If you don't like it, you can simply uninstall it from the add/remove programs menu.

the advantage over a Virtual Box is that the full power and original hardware of your system will be made available to Ubuntu.


----------



## 1002richards (Jan 29, 2006)

The Oracle,
Thanks, I'll have a look at that.

This one is also possibly of interest: Puppy Installer for Windows XP via this link-

http://www.puppylinux.org/user/downloads.php?cat_id=3

Richard


----------



## bkdc (Apr 23, 2003)

I've used Wubi & recommended it in the Linux forum. I give Wubi a two thumbs ups :up: :up: The install is as easy as you can get but will take about an hour or so depending on your system & connectivity. 

No modifications to your system is required & you can uninstall from the add remove program menu.


----------



## CTPhil (Jan 5, 2006)

Does anyone know if you can use Wubi to install Ubuntu from a CD?


----------



## bkdc (Apr 23, 2003)

Wubi right now downloads an ISO of ubuntu, or expects to have an ISO in the same directory.

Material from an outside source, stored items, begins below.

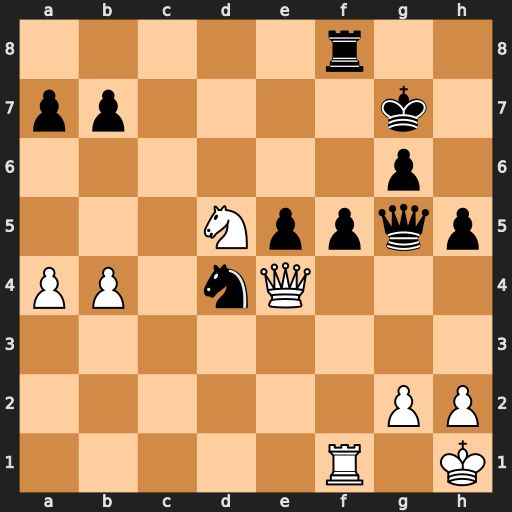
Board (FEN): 5r2/pp4k1/6p1/3Nppqp/PP1nQ3/8/6PP/5R1K
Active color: w
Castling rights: -
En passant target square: -
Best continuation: Qxe5+ Kh6 Qxd4
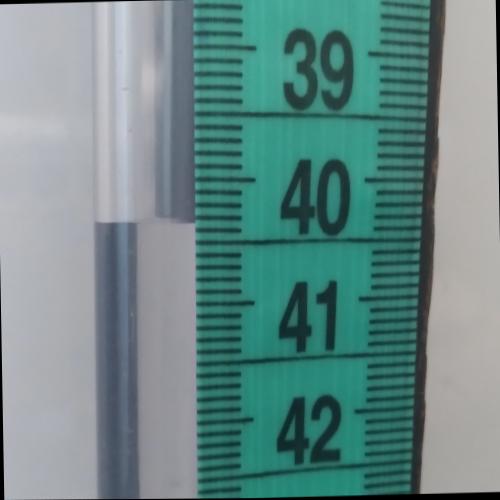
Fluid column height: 40.3 cm
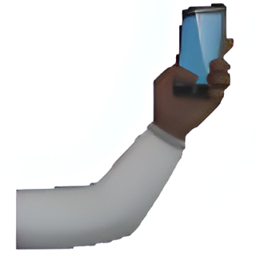
Name: selfie
Emoji: 🤳🏿
Group: People & Body
Sub-group: hand-prop
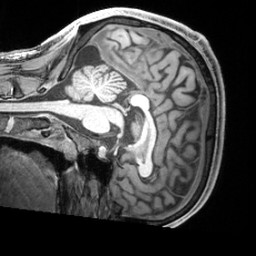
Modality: T1w
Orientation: sagittal
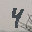
Label: 4
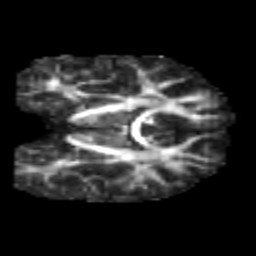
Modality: FA
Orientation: coronal
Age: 6
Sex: male
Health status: healthy
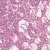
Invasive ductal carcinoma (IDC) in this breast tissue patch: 0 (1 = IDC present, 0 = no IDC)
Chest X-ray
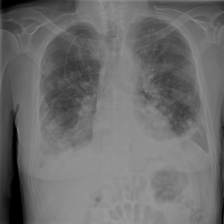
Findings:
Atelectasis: negative
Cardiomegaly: negative
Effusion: negative
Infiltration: positive
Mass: negative
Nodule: negative
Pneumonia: negative
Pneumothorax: positive
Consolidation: negative
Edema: negative
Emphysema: negative
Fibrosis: negative
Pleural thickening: negative
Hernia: negative
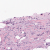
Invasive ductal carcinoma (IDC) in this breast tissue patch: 1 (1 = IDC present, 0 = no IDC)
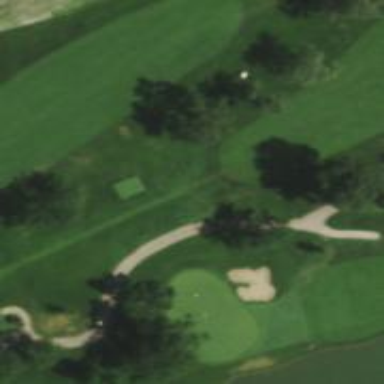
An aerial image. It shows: Well-maintained path designated as golf cart path with grade1 tracktype.
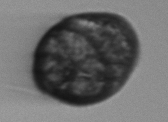
Label: Margalefidinium
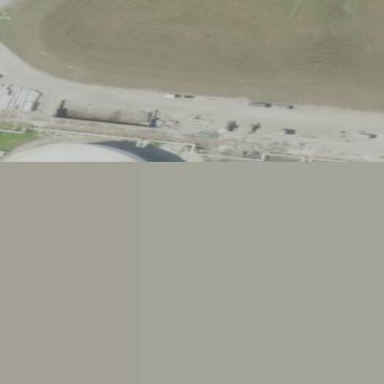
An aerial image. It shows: Storage tank that is man-made.
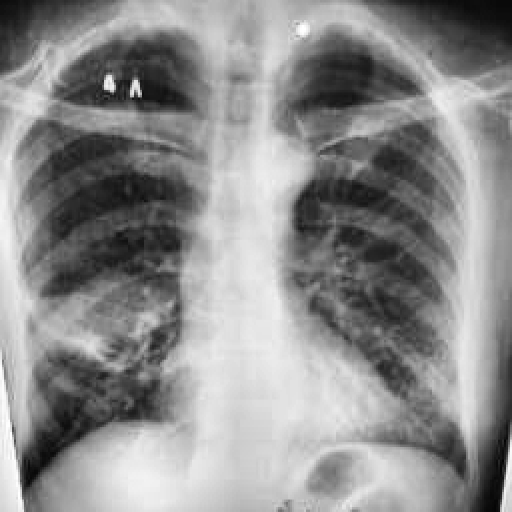
Finding: TUBERCULOSIS
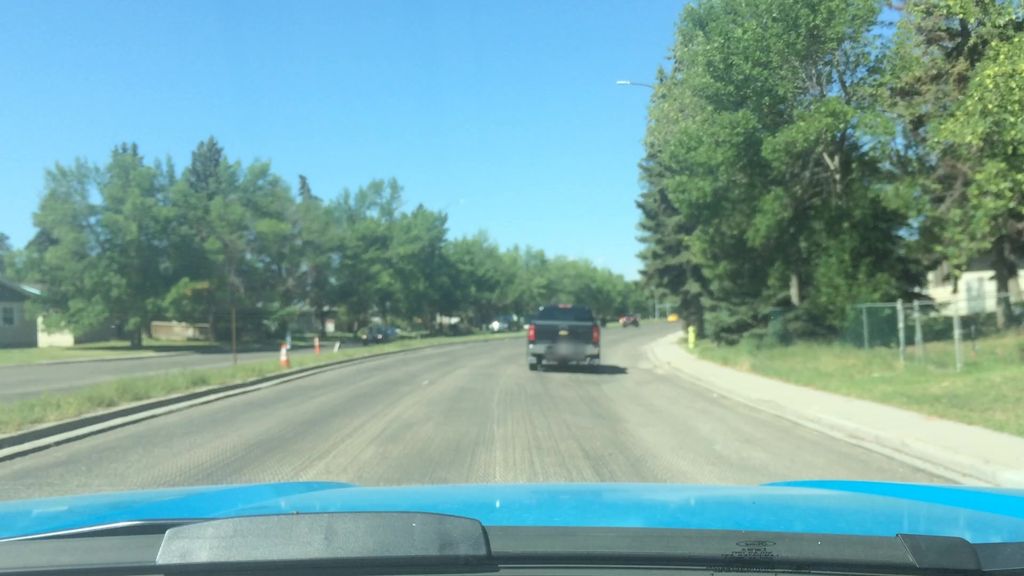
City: calgary
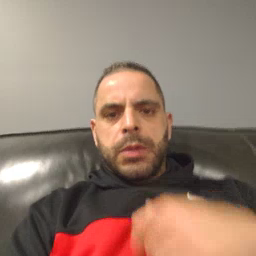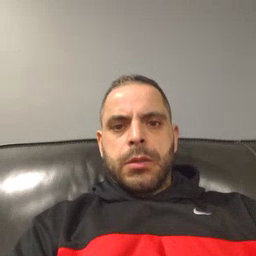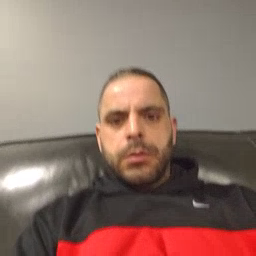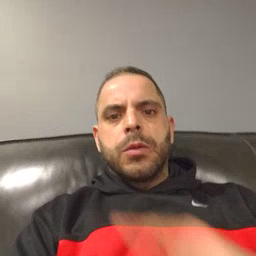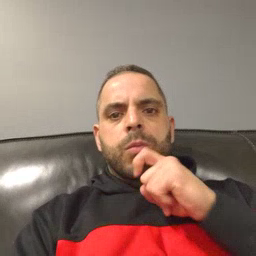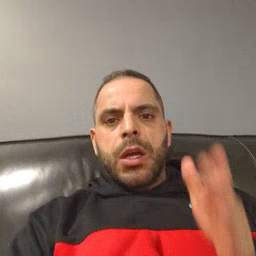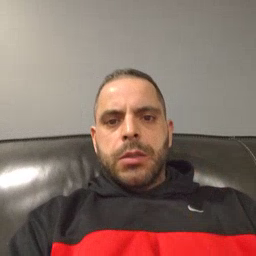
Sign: dryer
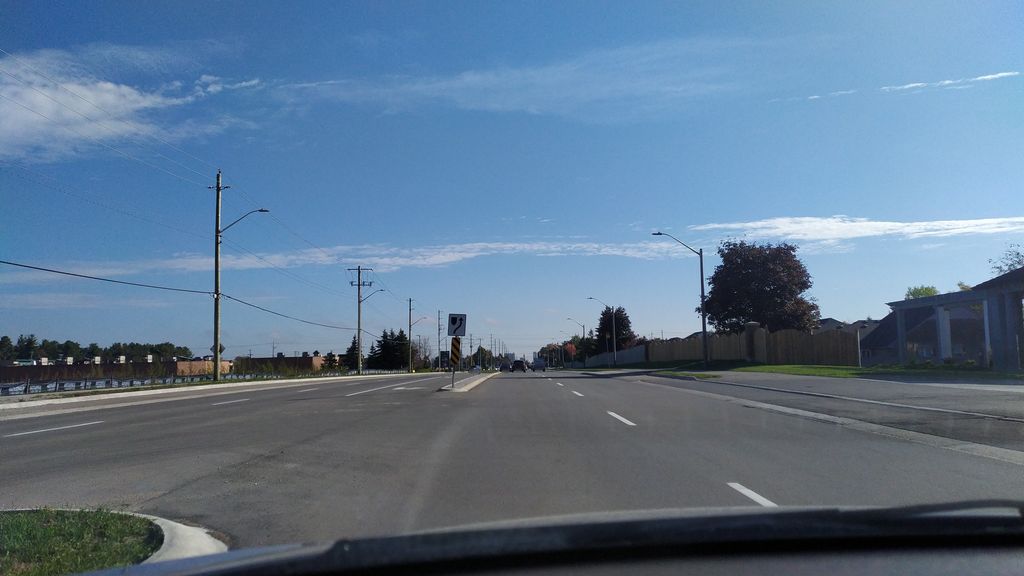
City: kitchener-waterloo
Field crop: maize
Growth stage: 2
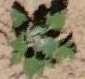
Species: chenopodium
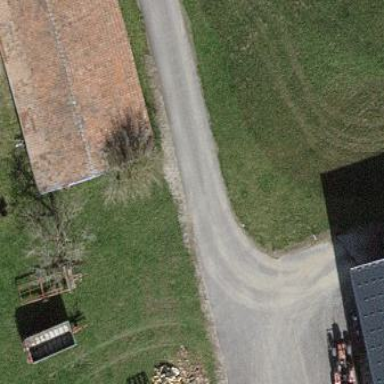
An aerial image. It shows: Farm auxiliary building.
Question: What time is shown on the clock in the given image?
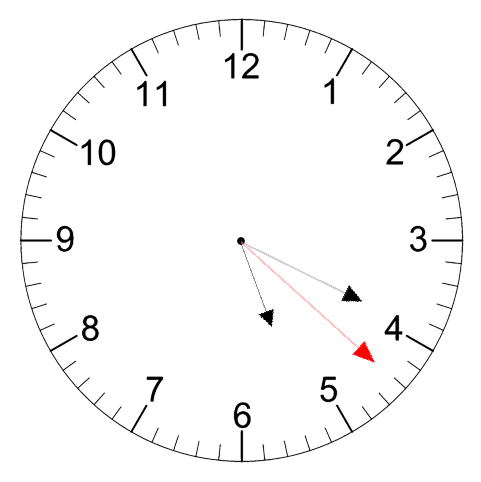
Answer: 05:19:22
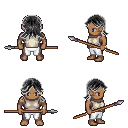
a pixel art fantasy rpg character, male body template, human, dark skin, white sleeveless shirt, white pants, gray loose hair, bracelets, spear, four views (front, back, left, right), 2x2 character sprite sheet, small pixel art, hard edges, no anti-aliasing
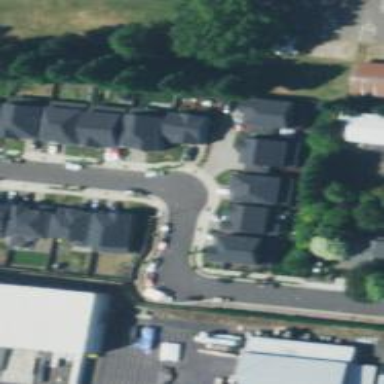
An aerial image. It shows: Living street.
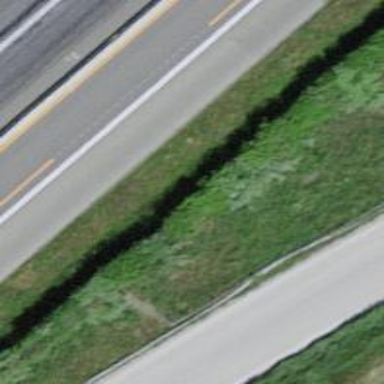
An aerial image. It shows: Hedge barrier.
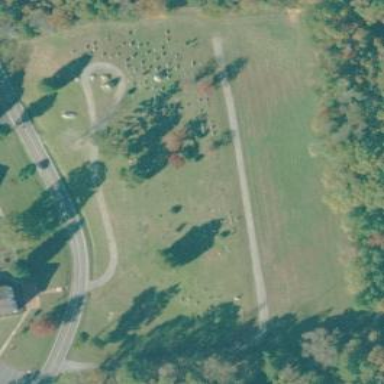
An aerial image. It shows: Cemetery.
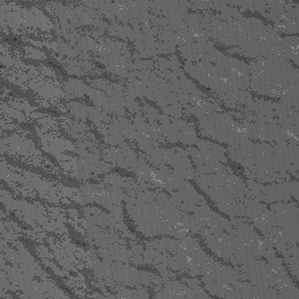
Label: frost
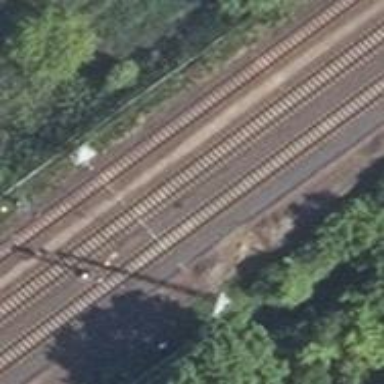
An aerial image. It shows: Railway track with contact lines for electrification.
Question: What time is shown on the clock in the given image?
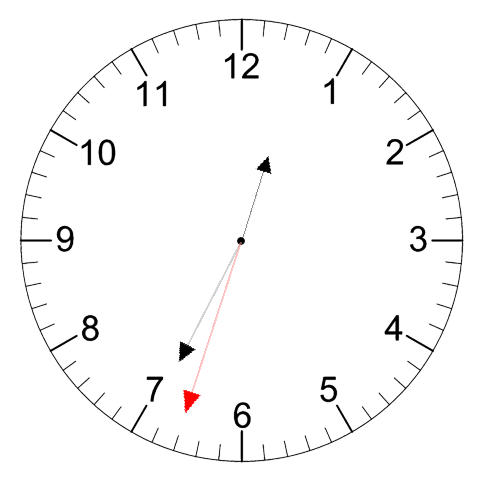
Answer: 12:34:33
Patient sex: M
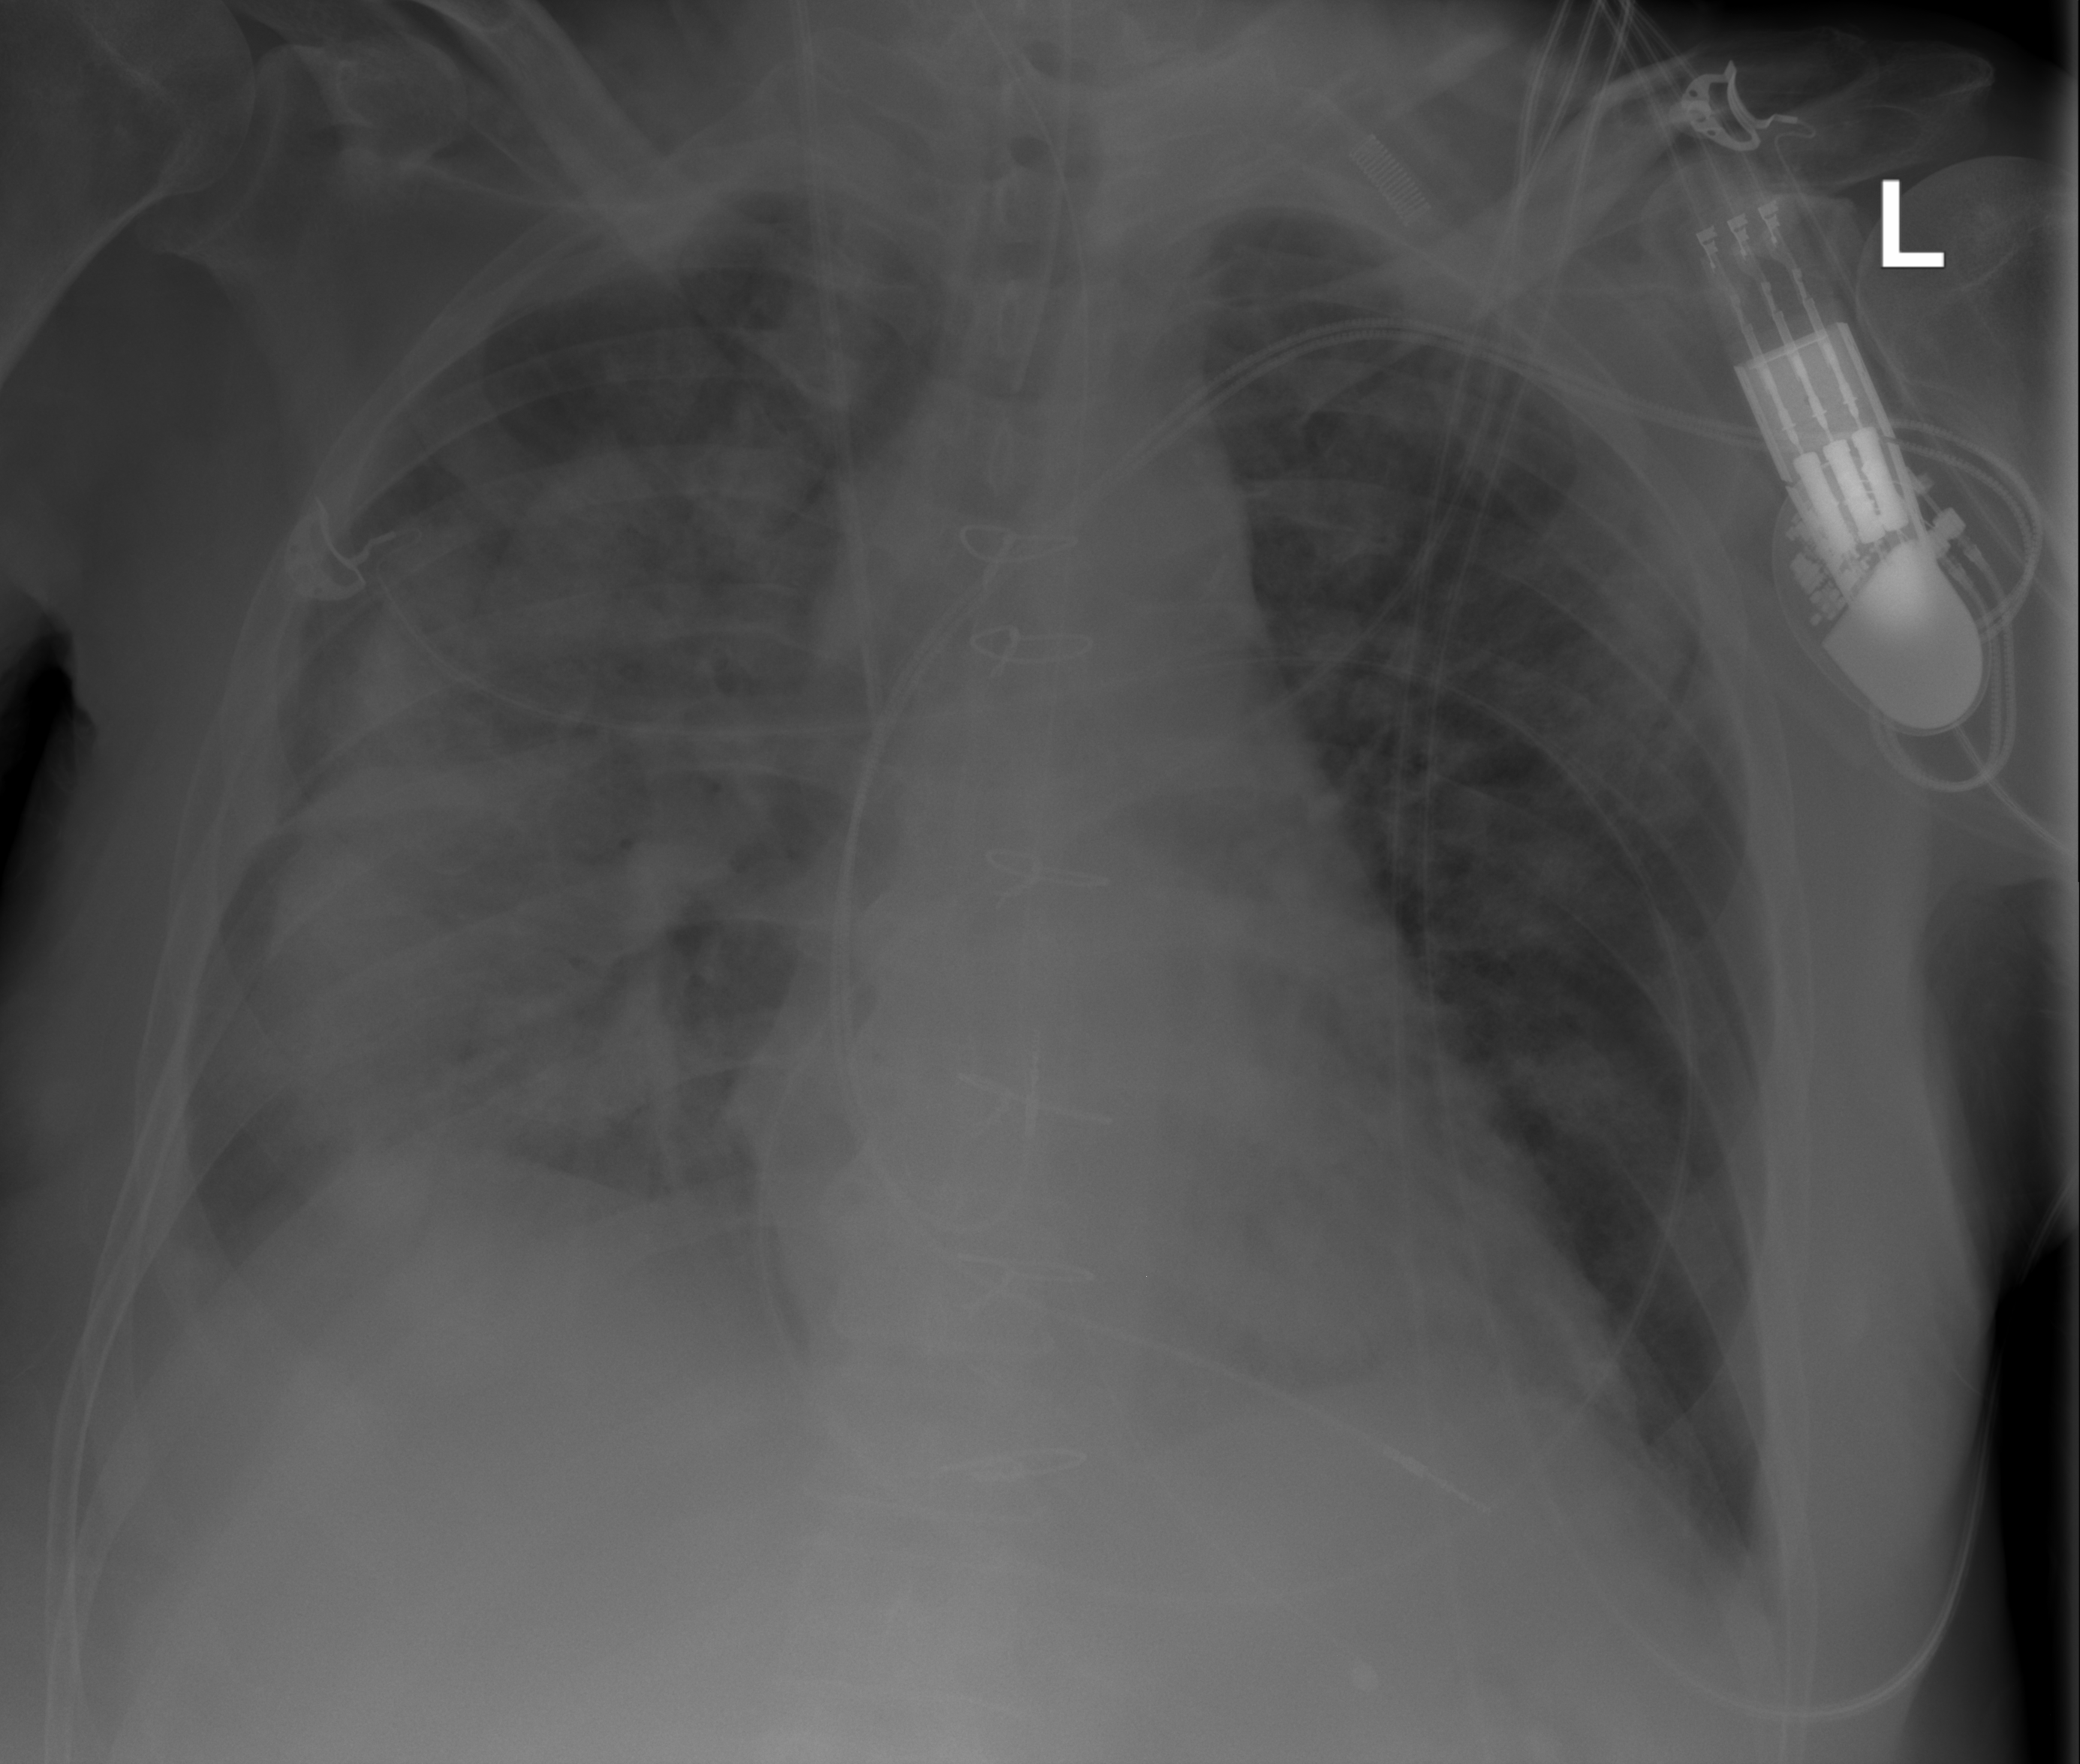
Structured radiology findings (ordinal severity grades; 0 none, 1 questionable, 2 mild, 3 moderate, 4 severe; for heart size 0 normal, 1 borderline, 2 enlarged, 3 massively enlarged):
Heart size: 0
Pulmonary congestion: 2
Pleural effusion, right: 2
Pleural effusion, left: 0
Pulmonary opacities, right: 3
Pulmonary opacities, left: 3
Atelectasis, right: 2
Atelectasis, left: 2
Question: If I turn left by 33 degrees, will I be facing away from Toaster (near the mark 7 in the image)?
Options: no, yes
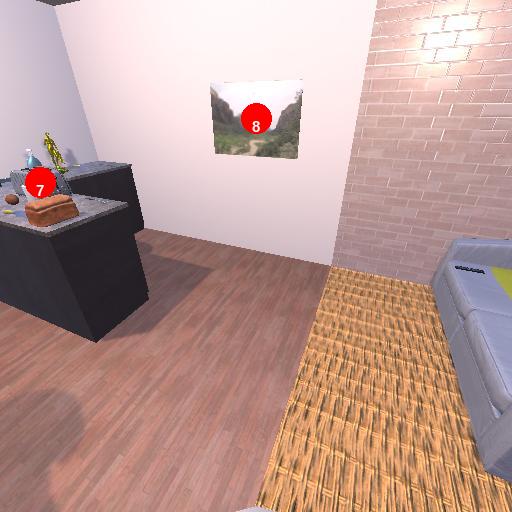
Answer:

I haven't tried but, it might work if you put the two in the same directory.


----------



## The_Oracle (May 20, 2007)

Wubi is using the 'alternate' iso for automated deployment.


----------



## CTPhil (Jan 5, 2006)

So I guess that's a "no" on using the disc?


----------



## neos1 (Feb 13, 2006)

I downloaded the software last night and installed it but when it started downloading the Ubuntu software I was looking at 4k a second. Is it maybe because the server was overloaded?


----------



## The_Oracle (May 20, 2007)

choose a download mirror near you and get this file:

ubuntu-7.04-alternate-i386.iso

if you want another flavor, look for the appropriate *-7.04-alternate-i386.iso

place it in the installation directory.


----------